I recently gave a talk on ‘Building progressive UIs with Grails’ at gr8conf in Copenhagen and was really pleased with the feedback & comments I received afterwards. There was a question asked at the end that I felt in retrospect I could have answered better, though. I had mentioned that the Grails AJAX tags were something that should be avoided as they write script blocks directly into the page and event handlers directly onto HTML elements. I was pitching an approach based on a clean separation of clean semantic markup and script enhancements and inline script violates that separation.

I was asked if there might be any kind of tags that could be developed that provided a more appropriate replacement and answered that since modern JavaScript frameworks such as jQuery make decorating elements with AJAX functionality so easy that I didn’t think there was much point.

I wouldn’t want anyone to understand me to mean that creating taglibs and GSP templates for modular components of your pages is a bad thing. I’d just advocate keeping the script out of them. Custom tags that write out markup or delegate to templates can be really useful for building complex reusable modules. Pairing those with external JavaScript files that enhance the generated markup would be very effective.

If you’re using the resources plugin (and really… you should be) then there’s a really neat way to tie the taglib or template to the JavaScript file as well. I did briefly mention this in my talk but it’s worth expanding on here as it’s a technique with a lot of potential.
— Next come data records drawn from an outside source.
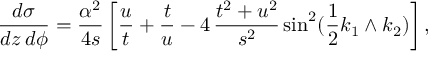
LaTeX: \frac { d \sigma } { d z \, d \phi } = \frac { \alpha ^ { 2 } } { 4 s } \, \bigg [ \frac { u } { t } + \frac { t } { u } - 4 \, \frac { t ^ { 2 } + u ^ { 2 } } { s ^ { 2 } } \, \mathrm { s i n } ^ { 2 } ( \frac { 1 } { 2 } k _ { 1 } \wedge k _ { 2 } ) \bigg ] \, ,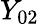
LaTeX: Y_{02}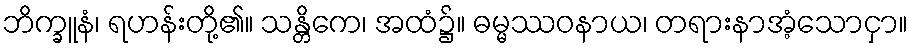
ဘိက္ခူနံ၊ ရဟန်းတို့၏။ သန္တိကေ၊ အထံ၌။ ဓမ္မဿဝနာယ၊ တရားနာအံ့သောငှာ။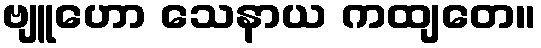
ဗျူဟော သေနာယ ကထျတေ။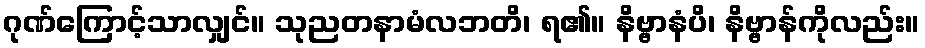
ဂုဏ်ကြောင့်သာလျှင်။ သုညတနာမံလဘတိ၊ ရ၏။ နိဗ္ဗာနံပိ၊ နိဗ္ဗာန်ကိုလည်း။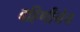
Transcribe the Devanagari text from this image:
बहिणीनेच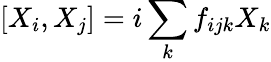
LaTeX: [{X}_{i},{X}_{j}]=i\sum_{k}f_{ijk}{X}_{k}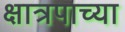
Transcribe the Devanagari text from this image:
क्षात्रपाच्या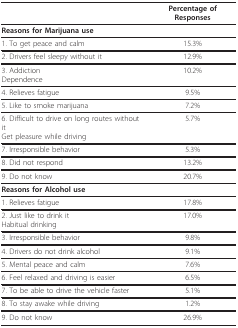
<table><thead><tr><td></td><td><b>Percentage of Responses</b></td></tr></thead><tbody><tr><td><b>Reasons for Marijuana use</b></td><td></td></tr><tr><td>1. To get peace and calm</td><td>15.3%</td></tr><tr><td>2. Drivers feel sleepy without it</td><td>12.9%</td></tr><tr><td>3. AddictionDependence</td><td>10.2%</td></tr><tr><td>4. Relieves fatigue</td><td>9.5%</td></tr><tr><td>5. Like to smoke marijuana</td><td>7.2%</td></tr><tr><td>6. Difficult to drive on long routes without itGet pleasure while driving</td><td>5.7%</td></tr><tr><td>7. Irresponsible behavior</td><td>5.3%</td></tr><tr><td>8. Did not respond</td><td>13.2%</td></tr><tr><td>9. Do not know</td><td>20.7%</td></tr><tr><td><b>Reasons for Alcohol use</b></td><td></td></tr><tr><td>1. Relieves fatigue</td><td>17.8%</td></tr><tr><td>2. Just like to drink itHabitual drinking</td><td>17.0%</td></tr><tr><td>3. Irresponsible behavior</td><td>9.8%</td></tr><tr><td>4. Drivers do not drink alcohol</td><td>9.1%</td></tr><tr><td>5. Mental peace and calm</td><td>7.6%</td></tr><tr><td>6. Feel relaxed and driving is easier</td><td>6.5%</td></tr><tr><td>7. To be able to drive the vehicle faster</td><td>5.1%</td></tr><tr><td>8. To stay awake while driving</td><td>1.2%</td></tr><tr><td>9. Do not know</td><td>26.9%</td></tr></tbody></table>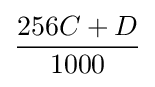
{\frac {256C+D}{1000}}
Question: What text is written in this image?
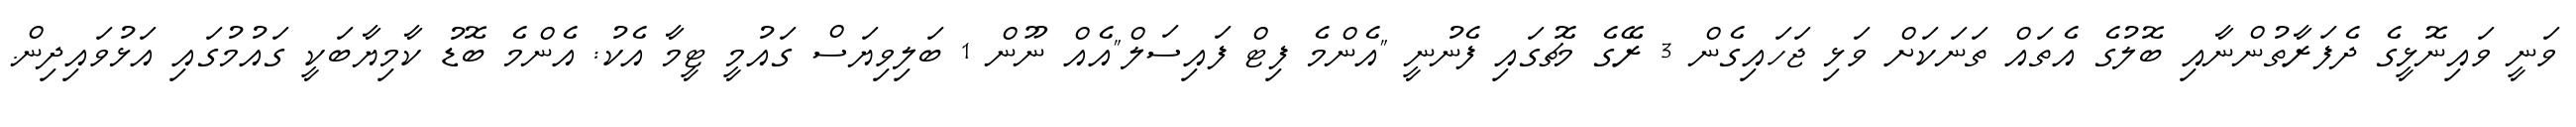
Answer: ވަނީ ވައިނޮޅީގެ ދެފަރާތުންނާއި ބޮލުގެ އެތައް ތަނަކަށް ވަޅި ޖަހައިގެން 3 ރޭގެ މެޗުގައި ފެނުނީ "އެންމެ ފިޓް ފައިސަލް"އެއް ނޫން 1 ބަލިވިޔަސް ގައުމީ ޓީމާ އެކު: އެންމެ ބޮޑު ކާމިޔާބަކީ ގައުމުގައި އަޅުވައިދިން.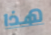
هذا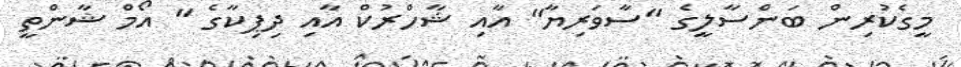
މީގެކުރިން ބަންސާލީގެ "ސާވަރިޔާ" އާއި ޝާހްރުކް އާއި ދިޕިކާގެ " އޯމް ޝާންތީ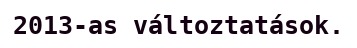
2013-as változtatások.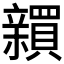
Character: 𬔫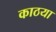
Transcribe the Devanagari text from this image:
काठया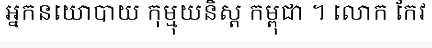
អ្នកនយោបាយ កុម្មុយនិស្ត កម្ពុជា ។ លោក កែវ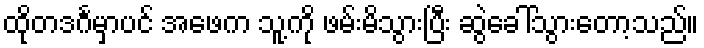
ထိုတဒင်္ဂမှာပင် အဖေက သူ့ကို ဖမ်းမိသွားပြီး ဆွဲခေါ်သွားတော့သည်။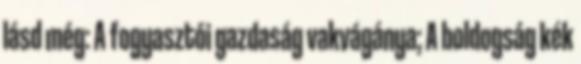
lásd még: A fogyasztói gazdaság vakvágánya; A boldogság kék
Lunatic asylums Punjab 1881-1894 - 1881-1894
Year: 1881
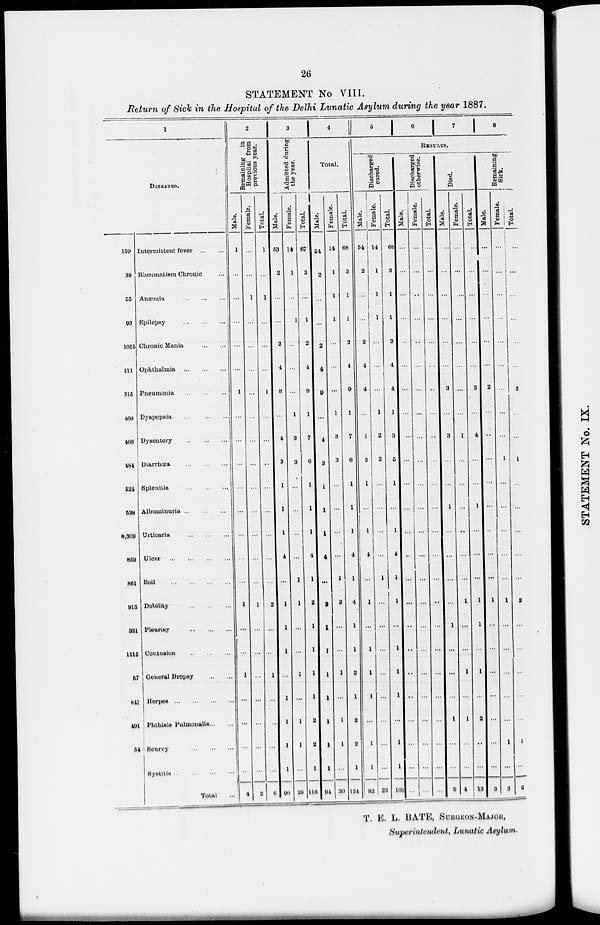
26
STATEMENT No VIII.
Return of Sick in the Hospital of the Delhi Lunatic Asylum during the year 1887.
1
DISEASES.
150
38
55
93
105b
111
315
400
406
484
524
538
8,300
850
861
015
831
1115
57
841
401
54
Intermittent fever ... ...
Rheumatism Chronic ...
Anæmia
...
...
Epilepsy
...
...
Chronic Mania
...
...
Ophthalmia
...
...
Pneumonia
...
...
Dyspepsia
...
...
Dysentery ... ...
Diarrhœa
...
...
Splenitis
...
...
Albuminuria
...
...
Urticaria
...
...
Ulcer
...
...
Boil
...
...
Debility
...
...
Pleurisy ... ...
Contusion
...
...
General Dropsy
...
...
Herpes
...
...
Phthisis Pulmonalls ... ...
Scurvy ... ...
Systitis
...
...
Total ...
2
Remaining in
Hospital from
previous year.
Male.
1
...
...
...
...
...
1
...
...
...
...
...
...
...
...
1
...
...
1
...
...
...
...
4
Female.
...
...
1
...
...
...
...
...
...
...
...
...
...
...
...
1
...
...
...
...
...
...
...
2
Total.
1
...
1
...
...
...
1
...
...
...
...
...
...
...
...
2
...
...
1
...
...
...
...
6
3
Admitted during
the year.
Male.
63
2
...
...
2
4
8
...
4
3
1
1
1
4
...
1
1
1
...
1
1
1
1
90
Female.
14
1
...
1
...
...
...
1
3
3
...
...
...
...
1
1
...
...
1
...
1
1
...
28
Total.
67
3
...
1
2
4
8
1
7
6
1
1
1
4
1
2
1
1
1
1
2
2
1
118
4
Total.
Male.
54
2
...
...
2
4
9
...
4
3
1
1
1
4
...
2
1
1
1
1
1
1
1
94
Female.
14
1
1
1
...
...
...
1
3
3
...
...
...
...
1
2
...
...
1
...
1
1
...
30
Total.
68
3
1
1
2
4
9
1
7
6
1
1
1
4
1
4
1
1
2
1
2
2
1
124
5
6
7 8
RESULTS.
Discharged
cured.
Male.
54
2
...
...
2
4
4
...
1
3
1
...
1
4
...
1
...
1
1
1
...
1
1
82
Female.
14
1
1
1
...
...
...
1
2
2
...
...
...
...
1
...
...
...
...
...
...
...
...
23
Total.
68
3
1
1
2
4
4
1
3
5
1
...
1
4
1
1
...
1
1
1
...
1
1
105
Discharged
otherwise.
Male.
...
...
...
...
...
...
...
...
...
...
...
...
...
...
...
...
...
..
..
...
...
...
...
...
Female.
...
...
...
...
..
...
...
...
...
...
...
...
...
...
...
...
...
...
...
...
...
...
...
...
Total.
...
...
...
...
...
...
..
...
..
...
...
...
...
...
...
...
...
...
...
...
...
...
...
...
Died.
Male.
...
...
...
...
...
...
3
...
3
...
...
1
...
...
...
...
1
...
...
...
1
...
...
9
Female.
...
...
...
...
...
...
...
...
1
...
...
...
...
...
...
1
...
...
1
...
1
...
...
4
Total.
...
...
...
...
...
...
3
...
4
...
...
1
...
...
...
1
1
...
1
...
2
...
...
13
Remaining
Sick.
Male.
...
...
...
...
...
...
2
...
...
...
...
...
...
...
...
1
...
...
...
...
...
...
...
3
Female.
...
...
...
...
...
...
...
...
...
1
...
...
...
...
...
1
...
...
...
...
...
1
...
3
Total.
...
...
...
...
...
...
2
...
...
1
...
...
...
...
...
2
...
...
...
...
...
1
...
6
T. E. L. BATE, SURGEON-MAJOR,
Superintendent, Lunatic Asylum.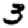
Digit: 3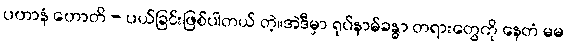
ပဟာနံ ဟောတိ - ပယ်ခြင်းဖြစ်ပါတယ် တဲ့။အဲဒီမှာ ရုပ်နာမ်ခန္ဓာ တရားတွေကို နေတံ မမ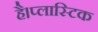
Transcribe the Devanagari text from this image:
है।प्लास्टिक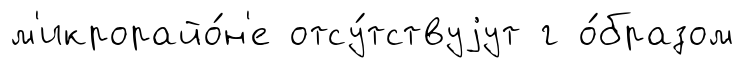
м'икрорайо́н'е отсу́тствуjут г о́бразом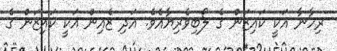
ރިހާނާ އަކީ ކައިޒަން ގެ ލޯބިވެރިޔާއެވެ. އަދި ޒެއިން އަކީ ކައިޒަން ގެ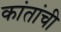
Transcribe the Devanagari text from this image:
कांतांची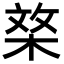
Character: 𣓰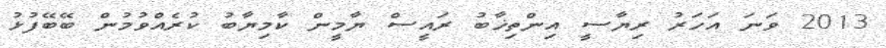
2013 ވަނަ އަހަރު ރިޔާސީ އިންތިޚާބު ރައީސް ޔާމީން ކާމިޔާބު ކުރެއްވުމުން ބޭބޭފުޅު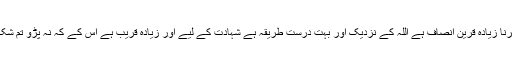
تمہارا ایسا کرنا زیادہ قرین انصاف ہے اللہ کے نزدیک اور بہت درست طریقہ ہے شہادت کے لیے اور زیادہ قریب ہے اس کے کہ نہ پڑو تم شک و شبہ میں۔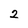
Character: 2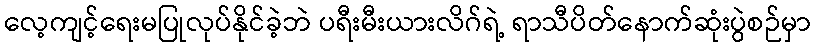
လေ့ကျင့်ရေးမပြုလုပ်နိုင်ခဲ့ဘဲ ပရီးမီးယားလိဂ်ရဲ့ ရာသီပိတ်နောက်ဆုံးပွဲစဉ်မှာ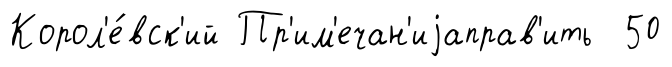
Корол'е́вск'ий Пр'им'ечан'иjаправ'ить 50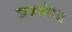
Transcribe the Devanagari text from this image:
प्रवर्तते॥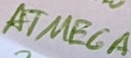
Text: ATMEGA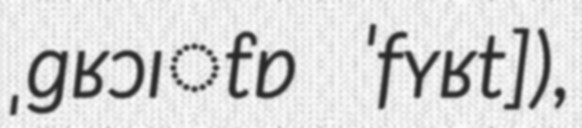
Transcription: ˌɡʁɔɪ̯tɐ ˈfʏʁt]),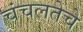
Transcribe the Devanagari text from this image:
चंचलतेचे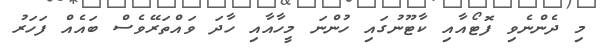
މި ދެންނެވި ފޮޓޯއާއި ކާޓޫނުގައި ހުންނަ މީހާއާއި ހާދަ ވައްތަރޭވެސް ބައެއް ފަހަރު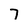
Character: 7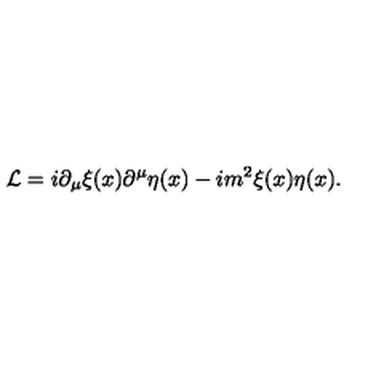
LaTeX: { \cal L } = i \partial _ { \mu } \xi ( x ) \partial ^ { \mu } \eta ( x ) - i m ^ { 2 } \xi ( x ) \eta ( x ) .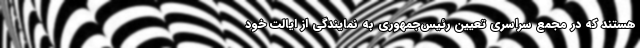
هستند که در مجمع سراسری تعیین رئيس‌جمهوری به نمایندگی از ایالت خود

The resources plugin’s r:use tag doesn’t write out anything directly to the page but rather adds a resource module to a list that will get written out at the appropriate place in the page when the r:layoutResources tag is used. This means modular components throughout the page can declare a dependency on JavaScript and CSS resources by simply calling r:use. In a complex app this can be a real boon as it might not be obvious from the top level GSP exactly which modules are going to get rendered. Also if a module is later added to or removed from a page you don’t need to worry about fiddling around with resource declarations in the top level GSP. Taglibs or templates become real drop in components whilst maintaining a nice clean separation of markup and script. Even better, if you use the same resource dependency multiple times the plugin ensures the resources are actually only linked once.

Since r:layoutResources is typically used in a SiteMesh layout the resources your module depends on can even be ones that need to appear in the head of the document. The SiteMesh is rendered after the GSP it decorates so any r:use calls will already have been made.

26 Mar 2011

CSS box model hacking

Want to make an HTML element fill 100% of its parent’s width but also give it a border and/or some padding? Since the width of an element is exclusive of its border and padding this can be a pain. However there’s a fairly simple CSS solution that works cross-browser.

Here’s an example. Both input boxes are set to width: 100% and have padding: 5px. The first input shows the problem. Because the padding and border are added to the width of the element it overflows its container. The box model of the second input has been modified so that the padding and border are inside the declared width.

The trick to modifying the box model is to set box-sizing: border-box. Unfortunately that’s not a cross-browser property, only Opera supports it at the moment. To get the same effect in other browsers you will also need to set browser-specific versions as well:

   -moz-box-sizing: border-box;
-webkit-box-sizing: border-box;
    -ms-box-sizing: border-box;
        box-sizing: border-box;
Note that Internet Explorer only supports the -ms-box-sizing property from version 8 upwards so you should probably be judicious with this technique or use an alternative method to get a similar effect in IE7 and below.